As for the backup, I would never work on the production environment. Thanks for the reminder, I know of friends who did that. I never did myself. And some recent hosting issue makes me extremely careful. I also always put latest version in a semi-public test environment with a few chosen customers before deploying it globally.

I'll try to find the best way to handle things.

No not per customer, have one database. If you were using Sage or Quickbooks would you want 20 copies of accounting software?

I would point out that all the accounting software I went across in my country are always with different database for every fiscal year, and of course different for every company. The reason is it is required by law. This is the way it is currently designed and it's hard to maintain. No doubt about that.

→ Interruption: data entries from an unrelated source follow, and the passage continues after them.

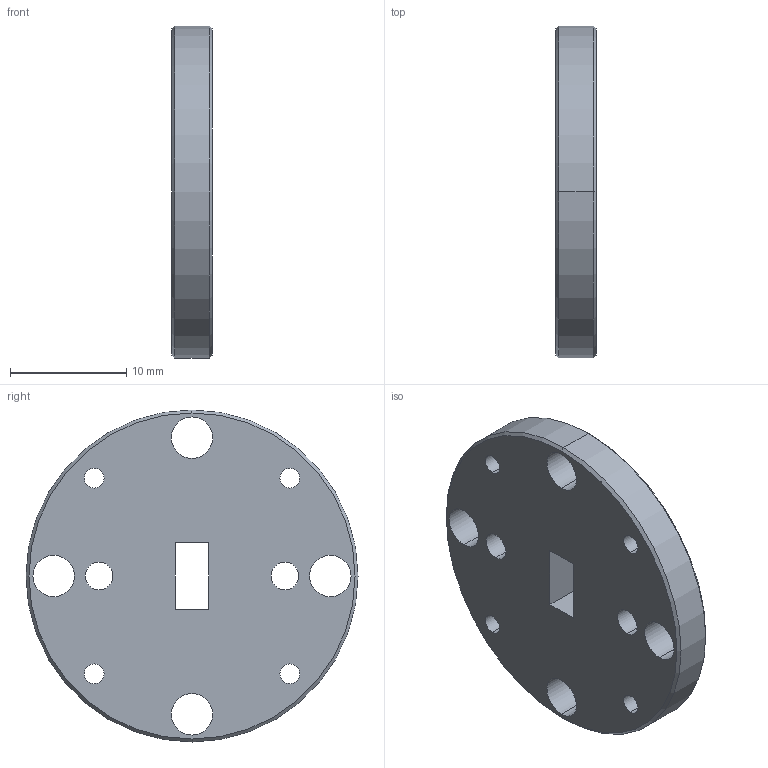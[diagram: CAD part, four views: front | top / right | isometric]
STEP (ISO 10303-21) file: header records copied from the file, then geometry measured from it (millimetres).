
FILE_DESCRIPTION (( 'STEP AP203' ), '1' );
FILE_NAME ('SWI-22138-SB.STEP', '2018-11-09T00:17:02', ( '' ), ( '' ), 'SwSTEP 2.0', 'SolidWorks 2016', '' );
FILE_SCHEMA (( 'CONFIG_CONTROL_DESIGN' ));
Length unit declared in the file: inch
Products named in the file (1): SWI-22138-SB
Bounding box: 3.51 x 28.57 x 28.57 mm (x, y, z)
Volume: 1981.6 mm3; surface area: 1766.5 mm2
Topology: 1 solids, 1 shells, 32 faces, 86 edges, 56 vertices
Faces by surface type: cylinder 22, plane 6, cone 4
Entity records: 1149 total; most frequent: DIRECTION 200, CARTESIAN_POINT 175, ORIENTED_EDGE 172, EDGE_CURVE 86, AXIS2_PLACEMENT_3D 81, VERTEX_POINT 56, EDGE_LOOP 54, CIRCLE 48
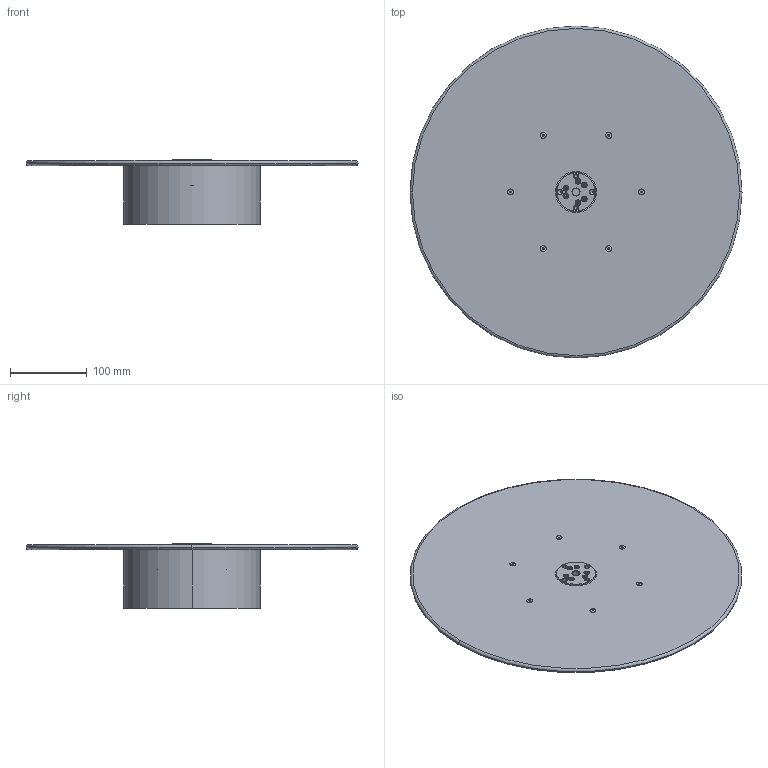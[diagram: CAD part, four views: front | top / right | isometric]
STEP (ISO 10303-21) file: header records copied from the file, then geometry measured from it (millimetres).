
FILE_DESCRIPTION (( 'STEP AP214' ), '1' );
FILE_NAME ('3X3 SPLITTER MOUNT.STEP', '2024-04-25T22:39:29', ( '' ), ( '' ), 'SwSTEP 2.0', 'SolidWorks 2023', '' );
FILE_SCHEMA (( 'AUTOMOTIVE_DESIGN' ));
Length unit declared in the file: inch
Products named in the file (9): ATI-MINI45; FAIRING; 91253A148_Black-Oxide Alloy Steel Hex Drive Flat Head Screw_91253A148; ATI-MINI45_SURFACE_MOUNT_ADAPTER; ATI-MINI45_SURFACE_MOUNT_ADAPTER_1; SPLITTER; 3X3 SPLITTER MOUNT; 91290A119_Alloy Steel Socket Head Screw_91290A119; MINI45 ADAPTER
Assembly tree (18 placements, depth 2):
  3X3 SPLITTER MOUNT
    ATI-MINI45
    ATI-MINI45_SURFACE_MOUNT_ADAPTER
    FAIRING
    SPLITTER
    MINI45 ADAPTER
    ATI-MINI45_SURFACE_MOUNT_ADAPTER_1
    91290A119_Alloy Steel Socket Head Screw_91290A119  x6
    91253A148_Black-Oxide Alloy Steel Hex Drive Flat Head Screw_91253A148  x6
Bounding box: 431.8 x 431.8 x 83.82 mm (x, y, z)
Volume: 1612158.2 mm3; surface area: 449323.7 mm2
Topology: 18 solids, 18 shells, 650 faces, 1467 edges, 860 vertices
Faces by surface type: cylinder 233, cone 222, plane 167, torus 28
Entity records: 11946 total; most frequent: DIRECTION 2236, CARTESIAN_POINT 1984, ORIENTED_EDGE 1820, AXIS2_PLACEMENT_3D 920, EDGE_CURVE 910, VERTEX_POINT 570, EDGE_LOOP 524, CIRCLE 499

I know I could store things in one table (for invoices I could do it per customer basis). I would really like to have all ledger entries in one table, and sorting them for every customer and fiscal year through queries, but I can't do that.

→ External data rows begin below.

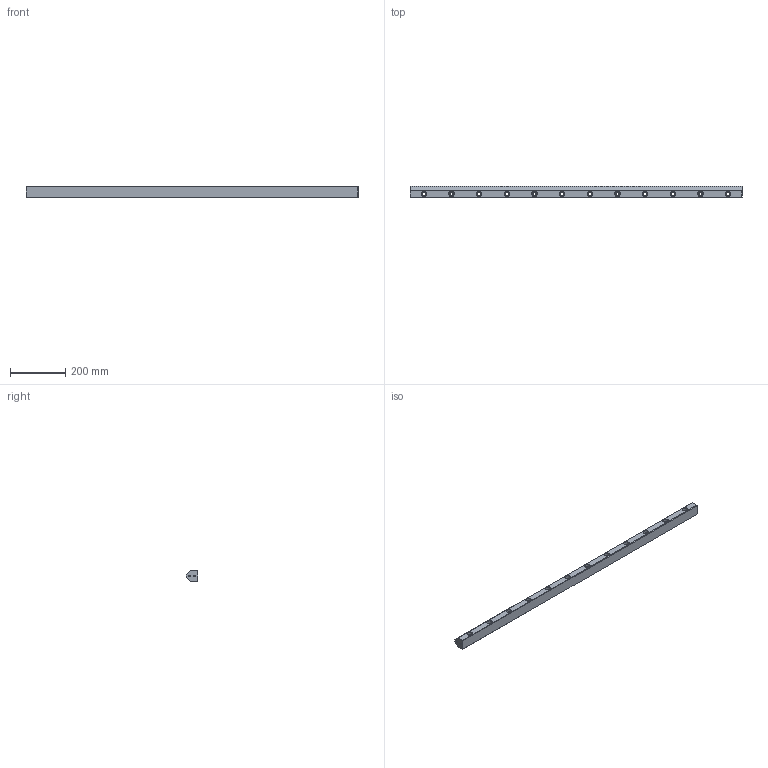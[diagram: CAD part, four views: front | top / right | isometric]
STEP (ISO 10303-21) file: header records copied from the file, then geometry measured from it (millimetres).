
FILE_DESCRIPTION(/* description */ (''),/* implementation_level */ '2;1');
FILE_NAME(/* name */ 'Rail V-7040x1200.stp',/* time_stamp */ '2018-12-03T19:24:30+01:00',/* author */ (''),/* organization */ (''),/* preprocessor_version */ 'ST-DEVELOPER v16.7',/* originating_system */ 'SIEMENS PLM Software NX 12.0',/* authorisation */ '');
FILE_SCHEMA (('AUTOMOTIVE_DESIGN { 1 0 10303 214 3 1 1 1 }'));
Length unit declared in the file: millimetre
Products named in the file (1): 019978_A_1-Rail V-7040x1200
Bounding box: 1200 x 40 x 40 mm (x, y, z)
Volume: 1530635.6 mm3; surface area: 188855.9 mm2
Topology: 1 solids, 1 shells, 92 faces, 210 edges, 132 vertices
Faces by surface type: plane 32, cone 32, cylinder 28
Full cylindrical faces by diameter (mm): 5.25 x4, 12.5 x12, 18.5 x12
Entity records: 2194 total; most frequent: DIRECTION 400, CARTESIAN_POINT 339, ORIENTED_EDGE 260, EDGE_LOOP 188, AXIS2_PLACEMENT_3D 177, FACE_BOUND 176, EDGE_CURVE 130, VERTEX_POINT 116
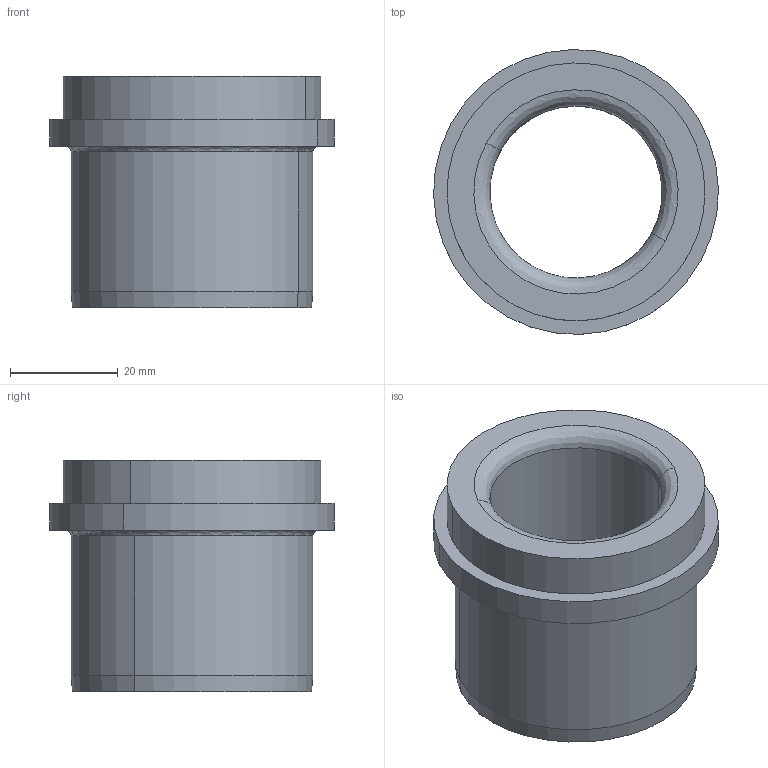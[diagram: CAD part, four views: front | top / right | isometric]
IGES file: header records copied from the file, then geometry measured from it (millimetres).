
Start section: START RECORD GO HERE.
Global section: file name: RDBG200C.3243.igs; native system: IBM CATIA IGES - CATIA Version 5 Release 19 ; preprocessor: CATIA Version 5 Release 19 ; author: Astroboy; organization: Astroboy-PC; date: 20170306.180039; units: millimetre
Bounding box: 52.99 x 52.99 x 43 mm (x, y, z)
Surface area: 13183.3 mm2 (no closed solid volume)
Topology: 0 solids, 0 shells, 18 faces, 77 edges, 81 vertices
Faces by surface type: revolution 14, plane 4

That's why I asked this question. So I can use one database but I'll have number of table into it, which is not really simple to manage. I can't really avoid multi-tenancy model. My question was more on the most efficient way to do it... in the same database, with multiple prefixed tables, with segregated databases or a mix of both. I'm sorry if I am not clear but that's what I was asking.

And in any case, my second interrogation was can I manage this easily dynamically. I mean if customer A connect, it link the models to the table with this customer's prefix. If it's customer B, etc... I never did multi-tenancy in Laravel environment, I know how I would implement that but I was asking for best practices there.